On average, the Real-Time price was higher than the Day-Ahead price. This was due to a very few hours, less than 1% of all hours, when for a short interval of perhaps 5-minutes or so the load was ramping up at an extremely fast rate that exceeded the ramping capability of most of the units that had been dispatched in the Day-Ahead market. In the other 99% of the hours, the Day-Ahead price actually exceeded the Real-Time price by a small amount. During those 1% of hours when load was ramping very quickly, there was no general shortage of supply. Many of the units that had been dispatched for that hour had extra capacity. But they did not have the capacity to ramp up quickly enough to take advantage of that capacity within the 5-minute interval that it was required. Therefore, the system operator had to turn to other, expensive units and raise the price dramatically.

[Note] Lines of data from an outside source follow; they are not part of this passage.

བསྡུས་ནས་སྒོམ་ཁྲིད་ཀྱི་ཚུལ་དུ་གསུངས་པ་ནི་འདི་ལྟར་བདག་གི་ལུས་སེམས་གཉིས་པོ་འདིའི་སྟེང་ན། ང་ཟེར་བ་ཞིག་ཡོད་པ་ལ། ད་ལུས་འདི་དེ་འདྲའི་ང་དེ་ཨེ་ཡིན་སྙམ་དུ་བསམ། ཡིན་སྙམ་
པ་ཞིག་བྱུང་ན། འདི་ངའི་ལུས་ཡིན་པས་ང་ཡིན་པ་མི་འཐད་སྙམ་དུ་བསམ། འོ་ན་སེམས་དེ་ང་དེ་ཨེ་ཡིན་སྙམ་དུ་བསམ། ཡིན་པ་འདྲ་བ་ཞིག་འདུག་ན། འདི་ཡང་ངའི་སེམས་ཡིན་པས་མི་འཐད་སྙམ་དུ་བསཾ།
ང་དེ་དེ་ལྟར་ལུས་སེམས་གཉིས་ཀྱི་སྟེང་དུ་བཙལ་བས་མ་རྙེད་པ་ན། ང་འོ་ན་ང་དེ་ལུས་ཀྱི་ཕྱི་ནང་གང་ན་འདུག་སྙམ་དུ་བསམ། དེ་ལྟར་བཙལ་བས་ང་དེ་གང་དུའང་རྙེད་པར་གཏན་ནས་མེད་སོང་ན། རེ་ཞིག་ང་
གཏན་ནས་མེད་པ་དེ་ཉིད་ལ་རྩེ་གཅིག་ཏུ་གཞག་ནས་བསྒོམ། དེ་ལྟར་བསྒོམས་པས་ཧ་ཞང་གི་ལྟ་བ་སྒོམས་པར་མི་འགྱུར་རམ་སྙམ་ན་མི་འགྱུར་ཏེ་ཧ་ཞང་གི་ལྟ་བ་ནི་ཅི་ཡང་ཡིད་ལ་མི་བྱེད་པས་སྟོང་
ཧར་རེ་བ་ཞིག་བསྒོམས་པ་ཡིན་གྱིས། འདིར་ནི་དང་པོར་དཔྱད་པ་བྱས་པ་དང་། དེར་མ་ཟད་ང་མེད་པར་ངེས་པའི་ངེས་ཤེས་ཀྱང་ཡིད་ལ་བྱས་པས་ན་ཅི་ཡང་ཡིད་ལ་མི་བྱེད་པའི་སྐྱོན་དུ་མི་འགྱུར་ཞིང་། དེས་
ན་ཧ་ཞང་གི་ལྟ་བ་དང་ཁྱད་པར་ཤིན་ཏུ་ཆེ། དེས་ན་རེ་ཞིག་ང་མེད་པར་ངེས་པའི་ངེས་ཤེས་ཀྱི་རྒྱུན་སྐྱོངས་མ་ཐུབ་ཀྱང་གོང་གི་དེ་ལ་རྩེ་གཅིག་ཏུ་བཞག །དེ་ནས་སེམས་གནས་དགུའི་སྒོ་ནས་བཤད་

This price anomaly was an opportunity exploited by financial traders who placed a large quantity of profitable virtual demand bids. Unfortunately, this did not improve system operation. In 99% of the hours, the Day-Ahead price was already above the Real-Time price, and the virtual demand bids only increased the Day-Ahead price yet further. In 1% of the hours, the virtual demand bids increased the total supply scheduled, raising the Day-Ahead price. Unfortunately, this increased supply often did nothing to solve the ramping problem and they system operator was still forced to turn to other, expensive units. Because virtual bids can only be placed for a full hour of generation, which they system was not short of, and not for the short 5-minutes of ramping capacity that the system actually needed, the virtual bids could not effectively solve the problem. Instead, virtual bidding simply added to total system cost, while also producing profits for financial traders that would have to be paid by customer charges.The research generalizes this illustrative example, and shows how the underlying problem with virtual bidding can manifest itself in different situations. It explains how the usual diagnostic of convergence can sometimes fail to accurately reflect whether or not virtual bidding is improving system performance. The research emphasizes that task of evaluating the costs and benefits of virtual bidding is a very demanding one.

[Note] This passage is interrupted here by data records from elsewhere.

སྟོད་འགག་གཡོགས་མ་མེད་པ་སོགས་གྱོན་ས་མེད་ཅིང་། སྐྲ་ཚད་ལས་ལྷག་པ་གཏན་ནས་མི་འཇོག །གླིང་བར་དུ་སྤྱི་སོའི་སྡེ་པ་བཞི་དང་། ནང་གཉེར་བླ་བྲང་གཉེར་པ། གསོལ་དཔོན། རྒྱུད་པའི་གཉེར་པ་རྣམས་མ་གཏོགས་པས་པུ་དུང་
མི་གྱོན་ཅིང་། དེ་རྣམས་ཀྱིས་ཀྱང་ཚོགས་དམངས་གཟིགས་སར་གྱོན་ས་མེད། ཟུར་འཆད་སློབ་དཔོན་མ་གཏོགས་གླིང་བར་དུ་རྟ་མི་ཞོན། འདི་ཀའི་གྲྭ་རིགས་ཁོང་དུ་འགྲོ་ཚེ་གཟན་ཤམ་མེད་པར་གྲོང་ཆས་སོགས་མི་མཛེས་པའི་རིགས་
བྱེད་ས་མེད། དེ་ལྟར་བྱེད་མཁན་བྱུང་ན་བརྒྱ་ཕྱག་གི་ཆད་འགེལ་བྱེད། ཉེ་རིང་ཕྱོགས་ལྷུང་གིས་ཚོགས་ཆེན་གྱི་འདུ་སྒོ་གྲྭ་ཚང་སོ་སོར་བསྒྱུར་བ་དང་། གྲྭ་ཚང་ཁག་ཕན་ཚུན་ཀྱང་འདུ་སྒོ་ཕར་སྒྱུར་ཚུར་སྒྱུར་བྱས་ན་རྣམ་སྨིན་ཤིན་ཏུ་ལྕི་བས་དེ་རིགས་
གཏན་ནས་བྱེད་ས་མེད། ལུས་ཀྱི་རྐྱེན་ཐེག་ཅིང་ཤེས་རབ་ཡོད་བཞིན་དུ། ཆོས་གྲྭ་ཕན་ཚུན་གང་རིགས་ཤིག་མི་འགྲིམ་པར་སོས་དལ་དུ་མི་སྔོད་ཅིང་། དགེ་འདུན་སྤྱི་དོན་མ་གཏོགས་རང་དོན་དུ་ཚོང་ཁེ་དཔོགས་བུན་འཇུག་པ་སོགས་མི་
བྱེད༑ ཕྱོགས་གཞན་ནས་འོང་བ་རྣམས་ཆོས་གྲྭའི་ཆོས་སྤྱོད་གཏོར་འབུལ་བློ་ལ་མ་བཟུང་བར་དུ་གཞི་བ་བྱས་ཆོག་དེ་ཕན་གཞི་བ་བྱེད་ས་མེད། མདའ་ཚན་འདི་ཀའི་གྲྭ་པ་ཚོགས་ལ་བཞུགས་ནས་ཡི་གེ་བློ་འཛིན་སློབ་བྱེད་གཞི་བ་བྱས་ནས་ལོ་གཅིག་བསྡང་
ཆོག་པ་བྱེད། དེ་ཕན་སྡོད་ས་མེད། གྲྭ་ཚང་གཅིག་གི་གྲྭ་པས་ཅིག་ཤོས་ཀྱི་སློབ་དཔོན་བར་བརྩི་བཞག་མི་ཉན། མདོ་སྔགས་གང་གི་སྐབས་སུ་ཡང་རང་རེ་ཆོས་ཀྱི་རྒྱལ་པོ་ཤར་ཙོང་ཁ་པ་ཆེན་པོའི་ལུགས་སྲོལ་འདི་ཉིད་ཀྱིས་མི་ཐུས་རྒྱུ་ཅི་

Dr. Parsons’ colleagues at FERC’s Division of Analytics and Surveillance who co-authored this research are Cathleen Colbert, Jeremy Larrieu, Erin Mastrangelo and Taylor Martin.

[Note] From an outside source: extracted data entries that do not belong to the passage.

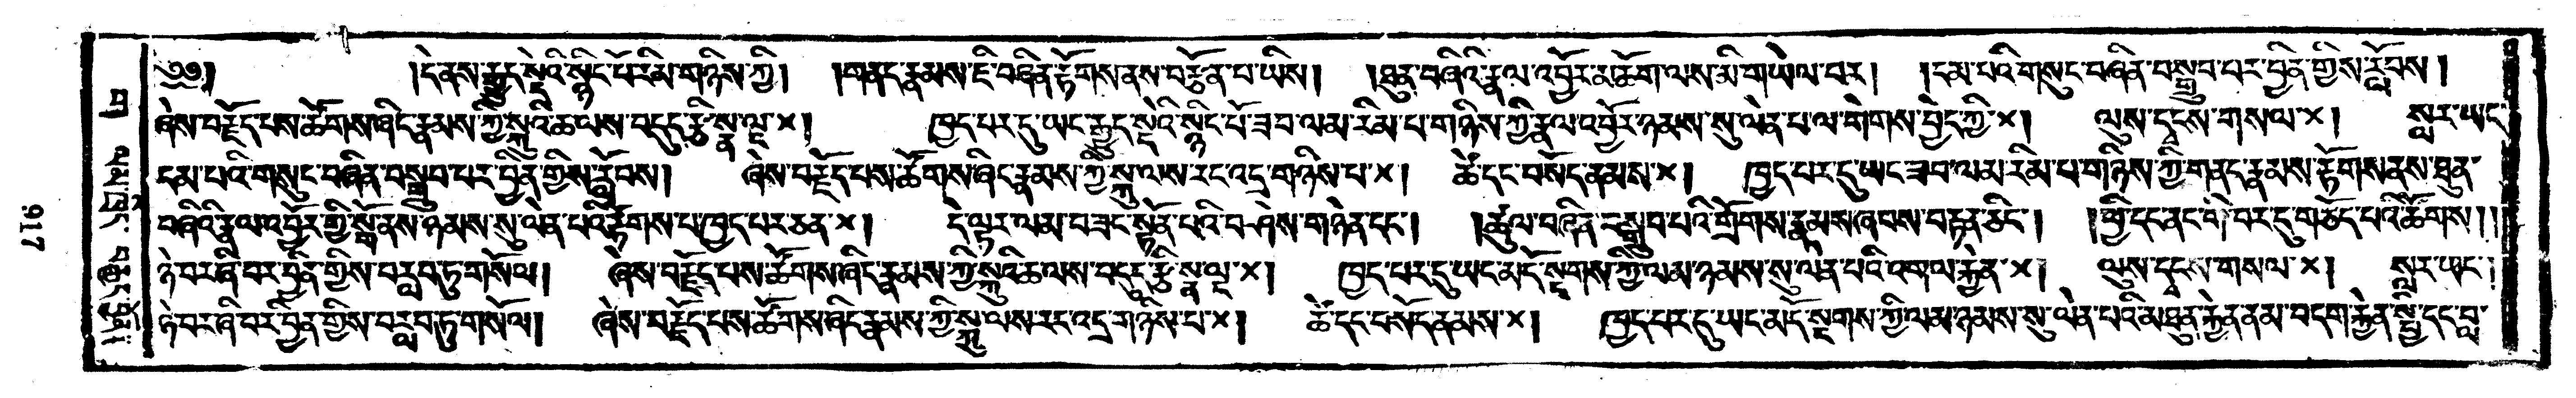༄༅། །དེ་ནས་རྒྱུད་སྡེའི་སྙིང་པོ་རིམ་གཉིས་ཀྱི། །གནད་རྣམས་ཇི་བཞིན་རྟོགས་ནས་བརྩོན་པ་ཡིས། །ཐུན་བཞིའི་རྣལ་འབྱོར་མཆོག་ལས་མི་གཡེལ་བར། །དམ་པའི་གསུང་བཞིན་བསྒྲུབ་བར་བྱིན་གྱིས་རློབས།
ཞེས་བརྗོད་པས་ཚོགས་ཞིང་རྣམས་ཀྱི་སྐུའི་ཆ་ལས་བདུད་རྩི་སྣ་ལྔ་྾། ཁྱད་པར་དུ་ཡང་རྒྱུད་སྡེའི་སྙིང་པོ་ཟབ་ལམ་རིམ་པ་གཉིས་ཀྱི་རྣལ་འབྱོར་ཉམས་སུ་ལེན་པ་ལ་གེགས་བྱེད་ཀྱི་྾། ལུས་དྭངས་གསལ་྾། སླར་ཡང་
དམ་པའི་གསུང་བཞིན་བསྒྲུབ་པར་བྱིན་གྱིས་རློབས། ཞེས་བརྗོད་པས་ཚོགས་ཞིང་རྣམས་ཀྱི་སྐུ་ལས་རང་འདྲ་གཉིས་པ་྾། ཚེ་དང་བསོད་ནམས་྾། ཁྱད་པར་དུ་ཡང་ཟབ་ལམ་རིམ་པ་གཉིས་ཀྱི་གནད་རྣམས་རྟོགས་ནས་ཐུན་
བཞིའི་རྣལ་འབྱོར་གྱི་སྒོ་ནས་ཉམས་སུ་ལེན་པའི་རྟོགས་པའི་ཁྱད་པར་ཅན་྾། དེ་ལྟར་ལམ་བཟང་སྟོན་པའི་བཤེས་གཉེན་དང་། །ཚུལ་བཞིན་བསྒྲུབ་པའི་གྲོགས་རྣམས་ཞབས་བརྟན་ཅིང་། །ཕྱི་དང་ནང་གི་བར་དུ་གཅོད་པའི་ཚོགས། །
ཉེ་བར་ཞི་བར་བྱིན་གྱིས་བརླབ་ཏུ་གསོལ། ཞེས་བརྗོད་པས་ཚོགས་ཞིང་རྣམས་ཀྱི་སྐུའི་ཆ་ལས་བདུད་རྩི་སྣ་ལྔ་྾། ཁྱད་པར་དུ་ཡང་མདོ་སྔགས་ཀྱི་ལམ་ཉམས་སུ་ལེན་པའི་འགལ་རྐྱེན་྾། ལུས་དྭངས་གསལ་྾། སླར་ཡང་།
ཉེ་བར་ཞི་བར་བྱིན་གྱིས་བརླབ་ཏུ་གསོལ། ཞེས་བརྗོད་པས་ཚོགས་ཞིང་རྣམས་ཀྱི་སྐུ་ལས་རང་འདྲ་གཉིས་པ་྾། ཚེ་དང་བསོད་ནམས་྾། ཁྱད་པར་དུ་ཡང་མདོ་སྔགས་ཀྱི་ལམ་ཉམས་སུ་ལེན་པའི་མཐུན་རྐྱེན་ནམ་བདག་རྐྱེན་སྤྱི་དང་བླ་

1Parsons, J.E., C. Colbert, J. Larrieu, T. Martin and E. Mastrangelo, 2015: Financial Arbitrage and Efficient Dispatch in Wholesale Electricity Markets. CEEPR Working Paper 2015-002, February, 56 pp.

About The Authors

John Parsons is the Deputy Director for Research of MIT CEEPR. His research focuses on the valuation and financing of investments in energy markets, as well as the problems of risk in energy and environment markets. Recent publications have touched on the value of changing the utilization of transmission to maximize the value of hydro assets and expanded penetration of renewables, the value of investments in life extensions of nuclear power plants, the economics of new microreactors, and the impact of decarbonization on generation assets in the U.S. midcontinent. Dr. Parsons serves as an Associate Member of the U.S. Commodity Futures Trading Commission’s Energy and Environmental Markets Advisory Committee. He has been a Visiting Scholar at the Federal Energy Regulatory Commission. He holds a Ph.D. in Economics from Northwestern University and an A.B. from Princeton University.